However, large electoral gains are not uncommon in recent political history of the state's 134-member chamber. In fact, nearly half of the House elections over the past 45 years have involved double-digit pickups: since 1962, 11 of 23 elections have resulted in pickups of at least 12 seats by the GOP or DFL.

The DFL's 19-seat pickup in 2006 is actually only the fourth largest pickup since 1962:

* In 1978 the GOP picked up 37 seats from the previous election to tie the DFL at 67-67.

* In 1974 the DFL added 27 seats from the previous election to take a commanding 104-30 lead over the Republicans.

* In 1962 the Republican gained 22 seats from the previous election to take control of the House.

As was the case in 2006, in 8 of these 11 elections with significant turnover, it was the minority party that achieved the big victory—often riding the wave launched by the national political climate.

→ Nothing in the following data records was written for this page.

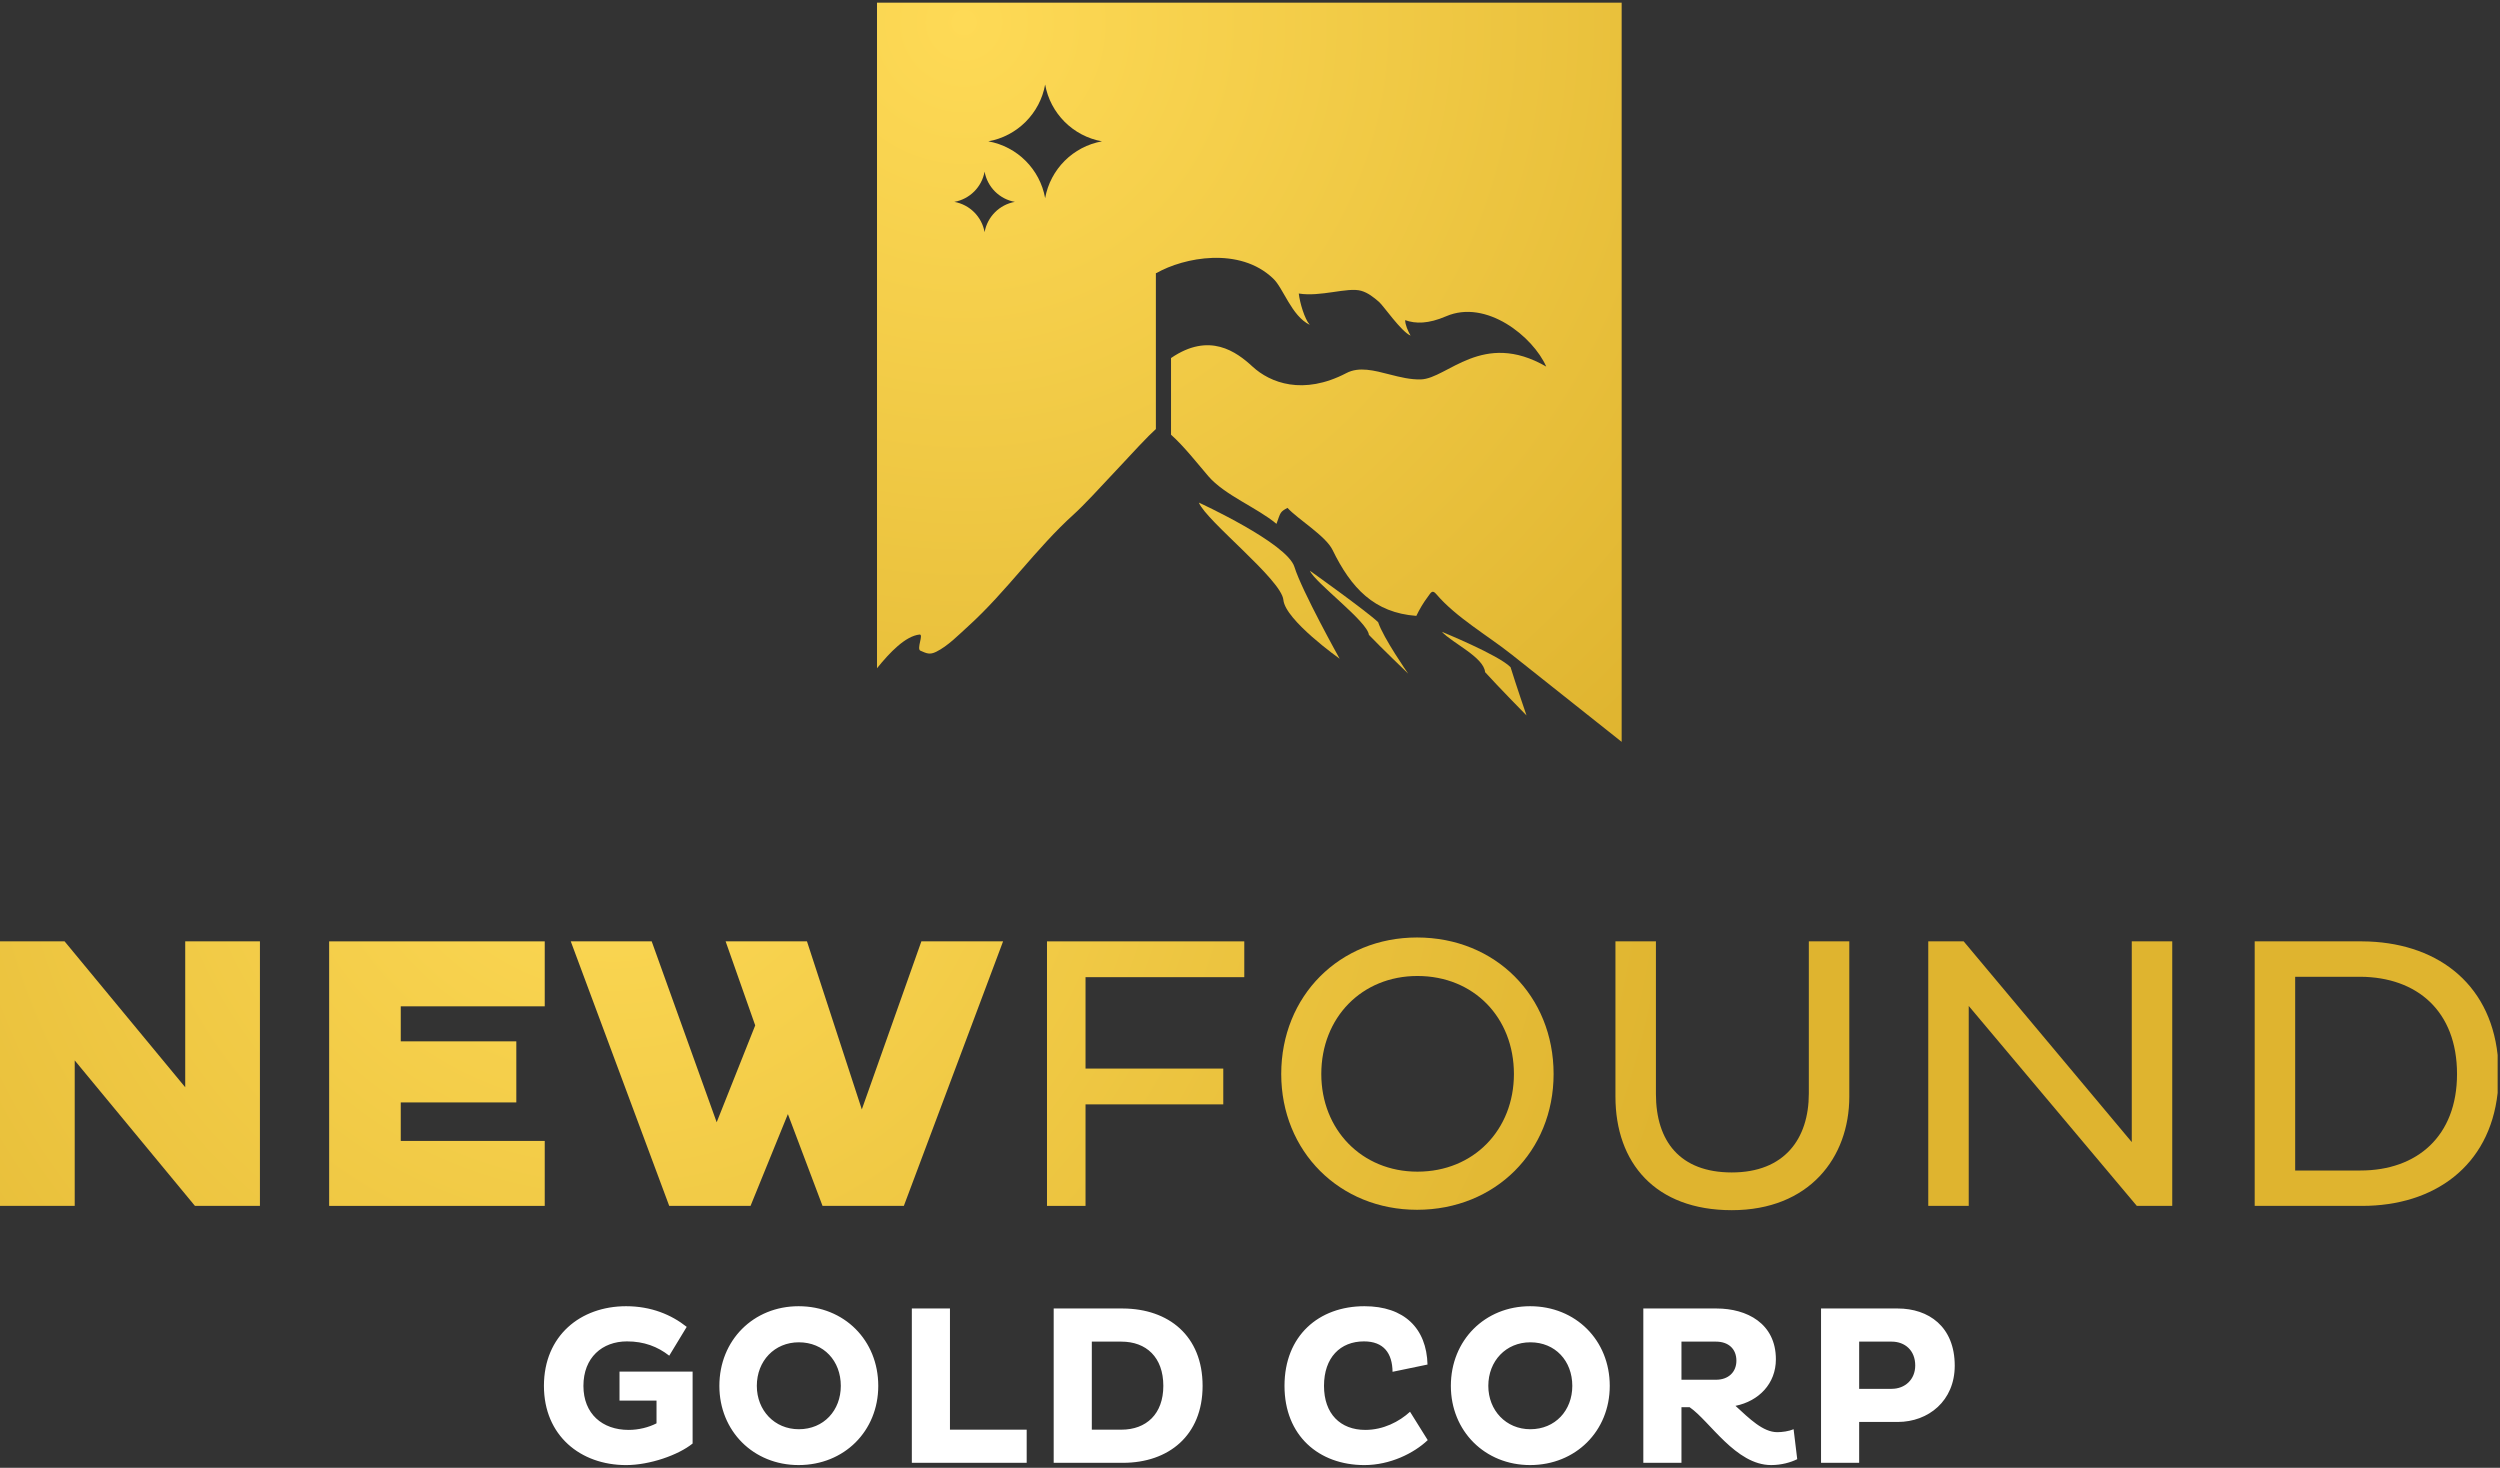 <svg version="1.2" baseProfile="tiny-ps" xmlns="http://www.w3.org/2000/svg" viewBox="0 0 1722 1011" width="1722" height="1011">
	<rect x="0" y="0" width="1722" height="1011" fill="#333333" stroke="none"/>
	<title>NFGC-Technical-Presentation-1-pdf-svg</title>
	<defs>
		<clipPath clipPathUnits="userSpaceOnUse" id="cp1">
			<path d="M-7137 -3620L2023 -3620L2023 1531L-7137 1531L-7137 -3620Z" />
		</clipPath>
		<radialGradient id="grd1" gradientUnits="userSpaceOnUse"  cx="422.054" cy="532.046" r="761.832">
			<stop offset="0" stop-color="#feda56"  />
			<stop offset="1" stop-color="#dfb42f"  />
		</radialGradient>
		<radialGradient id="grd2" gradientUnits="userSpaceOnUse"  cx="422.054" cy="532.046" r="761.832">
			<stop offset="0" stop-color="#feda56"  />
			<stop offset="1" stop-color="#dfb42f"  />
		</radialGradient>
		<radialGradient id="grd3" gradientUnits="userSpaceOnUse"  cx="422.054" cy="532.046" r="761.832">
			<stop offset="0" stop-color="#feda56"  />
			<stop offset="1" stop-color="#dfb42f"  />
		</radialGradient>
		<radialGradient id="grd4" gradientUnits="userSpaceOnUse"  cx="422.054" cy="532.046" r="761.832">
			<stop offset="0" stop-color="#feda56"  />
			<stop offset="1" stop-color="#dfb42f"  />
		</radialGradient>
		<radialGradient id="grd5" gradientUnits="userSpaceOnUse"  cx="422.054" cy="532.046" r="761.832">
			<stop offset="0" stop-color="#feda56"  />
			<stop offset="1" stop-color="#dfb42f"  />
		</radialGradient>
		<radialGradient id="grd6" gradientUnits="userSpaceOnUse"  cx="422.054" cy="532.046" r="761.832">
			<stop offset="0" stop-color="#feda56"  />
			<stop offset="1" stop-color="#dfb42f"  />
		</radialGradient>
		<radialGradient id="grd7" gradientUnits="userSpaceOnUse"  cx="422.054" cy="532.046" r="761.832">
			<stop offset="0" stop-color="#feda56"  />
			<stop offset="1" stop-color="#dfb42f"  />
		</radialGradient>
		<radialGradient id="grd8" gradientUnits="userSpaceOnUse"  cx="422.054" cy="532.046" r="761.832">
			<stop offset="0" stop-color="#feda56"  />
			<stop offset="1" stop-color="#dfb42f"  />
		</radialGradient>
		<radialGradient id="grd9" gradientUnits="userSpaceOnUse"  cx="664.039" cy="15.481" r="672.973">
			<stop offset="0" stop-color="#feda56"  />
			<stop offset="1" stop-color="#dfb42f"  />
		</radialGradient>
		<radialGradient id="grd10" gradientUnits="userSpaceOnUse"  cx="664.039" cy="15.481" r="672.973">
			<stop offset="0" stop-color="#feda56"  />
			<stop offset="1" stop-color="#dfb42f"  />
		</radialGradient>
		<radialGradient id="grd11" gradientUnits="userSpaceOnUse"  cx="664.039" cy="15.481" r="672.973">
			<stop offset="0" stop-color="#feda56"  />
			<stop offset="1" stop-color="#dfb42f"  />
		</radialGradient>
		<radialGradient id="grd12" gradientUnits="userSpaceOnUse"  cx="664.039" cy="15.481" r="672.973">
			<stop offset="0" stop-color="#feda56"  />
			<stop offset="1" stop-color="#dfb42f"  />
		</radialGradient>
	</defs>
	<style>
		tspan { white-space:pre }
		.shp0 { fill: url(#grd1) } 
		.shp1 { fill: url(#grd2) } 
		.shp2 { fill: url(#grd3) } 
		.shp3 { fill: url(#grd4) } 
		.shp4 { fill: url(#grd5) } 
		.shp5 { fill: url(#grd6) } 
		.shp6 { fill: url(#grd7) } 
		.shp7 { fill: url(#grd8) } 
		.shp8 { fill: #ffffff } 
		.shp9 { fill: url(#grd9) } 
		.shp10 { fill: url(#grd10) } 
		.shp11 { fill: url(#grd11) } 
		.shp12 { fill: url(#grd12) } 
	</style>
	<g id="Clip-Path: Page 1" clip-path="url(#cp1)">
		<g id="Page 1">
			<path id="Path 7" class="shp0" d="M179.04 648.41L179.04 830.62L134.28 830.62L51.46 730.41L51.46 830.62L0 830.62L0 648.41L44.49 648.41L127.58 748.9L127.58 648.41L179.04 648.41Z" />
			<path id="Path 8" class="shp1" d="M375.21 648.41L375.21 693.16L276.04 693.16L276.04 717.28L355.64 717.28L355.64 759.35L276.04 759.35L276.04 785.87L375.21 785.87L375.21 830.62L226.72 830.62L226.72 648.41L375.21 648.41Z" />
			<path id="Path 9" class="shp2" d="M690.92 648.41L622.57 830.62L566.56 830.62L542.7 767.38L516.97 830.62L460.96 830.62L393.15 648.41L448.89 648.41L493.65 773.01L520.19 706.29L499.81 648.41L555.84 648.41L593.62 764.17L634.64 648.41L690.92 648.41Z" />
			<path id="Path 10" class="shp3" d="M857.06 648.41L857.06 673.07L747.71 673.07L747.71 736.04L842.59 736.04L842.59 760.69L747.71 760.69L747.71 830.62L721.17 830.62L721.17 648.41L857.06 648.41Z" />
			<path id="Path 11" fill-rule="evenodd" class="shp4" d="M976.05 645.74C1029.92 645.74 1070.12 685.93 1070.12 739.78C1070.12 793.11 1029.92 833.3 976.05 833.3C922.72 833.3 882.51 793.11 882.51 739.78C882.51 685.93 922.72 645.74 976.05 645.74ZM976.32 807.04C1015.18 807.04 1042.79 778.1 1042.79 739.78C1042.79 700.93 1015.18 672.26 976.32 672.26C937.99 672.26 910.11 700.93 910.11 739.78C910.11 778.1 937.99 807.04 976.32 807.04Z" />
			<path id="Path 12" class="shp5" d="M1273.8 648.41L1273.8 755.33C1273.8 797.4 1246.19 833.57 1192.85 833.57C1140.05 833.57 1112.72 800.88 1112.72 755.33L1112.72 648.41L1140.6 648.41L1140.6 753.45C1140.6 786.14 1157.21 807.58 1192.85 807.58C1229.04 807.58 1245.92 784.54 1245.92 753.19L1245.92 648.41L1273.8 648.41Z" />
			<path id="Path 13" class="shp6" d="M1496.24 648.41L1496.24 830.62L1471.84 830.62L1356.06 692.9L1356.06 830.62L1328.19 830.62L1328.19 648.41L1352.58 648.41L1468.36 786.68L1468.36 648.41L1496.24 648.41Z" />
			<path id="Path 14" fill-rule="evenodd" class="shp7" d="M1627 648.41C1676.76 648.66 1714.84 675.87 1720.38 726.67L1720.38 752.79C1714.84 803.21 1676.76 830.62 1627 830.62L1553.03 830.62L1553.03 648.41L1627 648.41ZM1580.91 806.24L1625.94 806.24C1664.8 806.24 1692.4 782.66 1692.4 739.78C1692.4 696.38 1664.8 673.07 1625.94 672.8L1580.91 672.8L1580.91 806.24Z" />
			<path id="Path 15" fill-rule="evenodd" class="shp8" d="M477.07 944.74L477.07 994.3C467.22 1002.27 447.52 1009.15 431.26 1009.15C399.83 1009.15 374.66 988.83 374.66 954.59C374.66 920.04 399.83 899.72 431.26 899.72C448.46 899.72 462.37 905.51 473.01 913.95L460.97 933.8C452.99 927.55 443.61 923.95 431.88 923.95C414.84 923.95 401.86 935.05 401.86 954.59C401.86 973.82 414.84 984.92 432.98 984.92C439.86 984.92 446.74 983.2 452.21 980.39L452.21 964.75L426.72 964.75L426.72 944.74L477.07 944.74ZM550.07 899.72C581.5 899.72 604.95 923.17 604.95 954.59C604.95 985.7 581.5 1009.14 550.07 1009.14C518.95 1009.14 495.5 985.7 495.5 954.59C495.5 923.17 518.95 899.72 550.07 899.72ZM550.23 984.45C567.42 984.45 579.15 971.48 579.15 954.59C579.15 937.4 567.42 924.58 550.23 924.58C533.49 924.58 521.3 937.4 521.3 954.59C521.3 971.48 533.49 984.45 550.23 984.45ZM628.07 1007.58L628.07 901.29L654.33 901.29L654.33 984.76L707.18 984.76L707.18 1007.58L628.07 1007.58ZM725.78 901.29L773.46 901.29C804.89 901.44 828.35 920.05 828.35 954.59C828.35 988.82 804.89 1007.59 773.46 1007.59L725.78 1007.59L725.78 901.29ZM752.04 924.11L752.04 984.76L772.37 984.76C789.57 984.76 801.3 973.97 801.3 954.59C801.3 934.89 789.57 924.11 772.37 924.11L752.04 924.11ZM983.42 991.95C973.89 1001.02 957.47 1009.15 939.8 1009.15C908.37 1009.15 884.76 988.83 884.76 954.59C884.76 920.04 908.37 899.72 939.8 899.72C967.32 899.72 982.64 915.04 983.27 939.9L959.19 944.9C959.03 932.08 953.09 923.95 939.49 923.95C923.22 923.95 911.97 935.05 911.97 954.59C911.97 973.82 923.22 984.92 940.43 984.92C952.78 984.92 963.73 979.29 971.23 972.42L983.42 991.95ZM1053.92 899.72C1085.35 899.72 1108.8 923.17 1108.8 954.59C1108.8 985.7 1085.35 1009.14 1053.92 1009.14C1022.8 1009.14 999.35 985.7 999.35 954.59C999.35 923.17 1022.8 899.72 1053.92 899.72ZM1054.08 984.45C1071.28 984.45 1083 971.48 1083 954.59C1083 937.4 1071.28 924.58 1054.08 924.58C1037.35 924.58 1025.15 937.4 1025.15 954.59C1025.15 971.48 1037.35 984.45 1054.08 984.45ZM1131.92 901.29L1182.43 901.29C1203.06 901.29 1223.23 911.45 1223.23 936.3C1223.23 953.03 1211.51 965.07 1195.4 968.35C1204.94 977.1 1214.32 986.48 1224.17 986.48C1227.61 986.48 1232.15 985.86 1235.43 984.45L1237.93 1005.08C1233.55 1007.27 1227.14 1009.14 1219.95 1009.14C1195.56 1009.14 1177.73 978.82 1163.82 969.29L1158.19 969.29L1158.19 1007.59L1131.92 1007.59L1131.92 901.29ZM1158.19 924.11L1158.19 950.37L1181.95 950.37C1190.56 950.37 1196.03 945.06 1196.03 937.24C1196.03 929.11 1190.56 924.11 1181.95 924.11L1158.19 924.11ZM1254.33 901.29L1307.18 901.29C1328.28 901.29 1346.42 913.63 1346.42 940.68C1346.42 964.91 1328.28 979.44 1307.18 979.44L1280.59 979.44L1280.59 1007.59L1254.33 1007.59L1254.33 901.29ZM1280.59 924.11L1280.59 956.63L1302.95 956.63C1312.18 956.63 1319.21 950.22 1319.21 940.53C1319.21 930.21 1312.18 924.11 1302.95 924.11L1280.59 924.11Z" />
			<path id="Path 16" class="shp9" d="M891.6 390.49C896.66 406.93 922.76 453.75 922.76 453.75C922.76 453.75 885.27 427.18 884 413.24C882.74 399.29 830.85 358.86 825.78 346.2C825.78 346.2 886.53 374.04 891.6 390.49Z" />
			<path id="Path 17" class="shp10" d="M949.26 428.56C952.8 439.4 969.95 464 969.95 464C969.95 464 951.07 445.85 942.9 437.31C942.02 428.12 905.8 401.47 902.27 393.13C902.27 393.13 941.35 420.99 949.26 428.56Z" />
			<path id="Path 18" class="shp11" d="M1040.47 459.55C1044.2 471.66 1051.47 492.81 1051.47 492.81C1051.47 492.81 1031.55 472.54 1022.94 462.99C1022.01 452.72 1000.96 443.3 993.13 435.19C993.13 435.19 1032.13 451.09 1040.47 459.55Z" />
			<path id="Path 19" fill-rule="evenodd" class="shp12" d="M1117 1.86L1117 510.99C1108.97 504.62 1100.95 498.25 1092.93 491.88C1075.66 478.17 1058.39 464.46 1041.12 450.75C1024.84 437.83 1002.89 425.21 989.35 409.27C986.52 405.95 985.7 408.11 983.53 411C980.38 415.21 977.8 419.58 975.57 424.22C946.52 422.04 930.66 405.07 917.84 378.77C913.1 369.08 894.02 357.7 886.81 349.82C881.65 352.67 882.11 352.82 879.23 360.84C866.01 349.72 843.56 341.1 832.3 328C825.36 319.92 815.49 307.31 806.6 299.42L806.6 246.62C833.08 228.51 851.64 242.28 862.74 252.51C874.86 263.68 897.56 272.56 927.4 256.97C936.16 252.39 946.47 255.17 957.29 257.95C964.32 259.75 971.55 261.55 978.71 261.34C996.89 260.81 1021.26 227.15 1065.05 252.51C1055.95 231.86 1023.79 205.9 996.09 217.85C983.75 223.17 974.92 223.06 967.88 220.51C967.85 223.63 969.81 228.09 971.61 231.18C965.12 228.4 953 210.7 949.92 208C946.07 204.66 942.25 201.67 937.72 200.34C932.98 198.93 925.88 200.06 918.04 201.2C910.44 202.3 902.13 203.4 894.6 202.18C895.25 208.34 898.58 219.71 902.16 223.75C889.52 217.62 883.97 198.28 876.85 191.76C853.81 169.82 815.51 177.26 796.51 188.11L796.17 188.11L796.17 295.51C785.64 304.91 752.22 342.92 739.78 354.13C713.52 377.8 693.34 407.36 667.14 431.12C660.5 437.14 652.89 445.01 644.81 448.97C640.28 451.2 638.13 449.99 633.98 448.2C631.14 446.97 636.41 436.73 633.36 437.07C623.65 438.15 612.92 449.33 604.08 460.29L604.08 1.86L1117 1.86ZM719.89 136.5C723.44 116.59 739.13 100.9 759.05 97.35C739.13 93.81 723.44 78.12 719.89 58.21C716.35 78.12 700.65 93.81 680.73 97.35C700.65 100.9 716.35 116.59 719.89 136.5ZM678.19 159.9C680.08 149.29 688.43 140.94 699.04 139.05C688.43 137.17 680.08 128.81 678.19 118.21C676.3 128.81 667.94 137.17 657.33 139.05C667.94 140.94 676.3 149.29 678.19 159.9Z" />
		</g>
	</g>
</svg>

For example, in 1974, the DFL rode the anti-Nixon wave to a 27-seat pickup and control of the House control just a few months after the Republican president resigned. In 1994, state republican House candidates benefited from the national momentum generated by the GOP's Contract with America in US House races—picking up 16 seats from the previous election cycle to reduce the DFL's advantage to less than 10 seats. In 1986 the DFL picked up nearly 20 seats in an election held a few days after the Iran-Contra story broke.

In sum, the DFL's large victory is not without precedent, and, considering the anti-Republican surge that was sweeping the country, the GOP could have sustained even worse losses.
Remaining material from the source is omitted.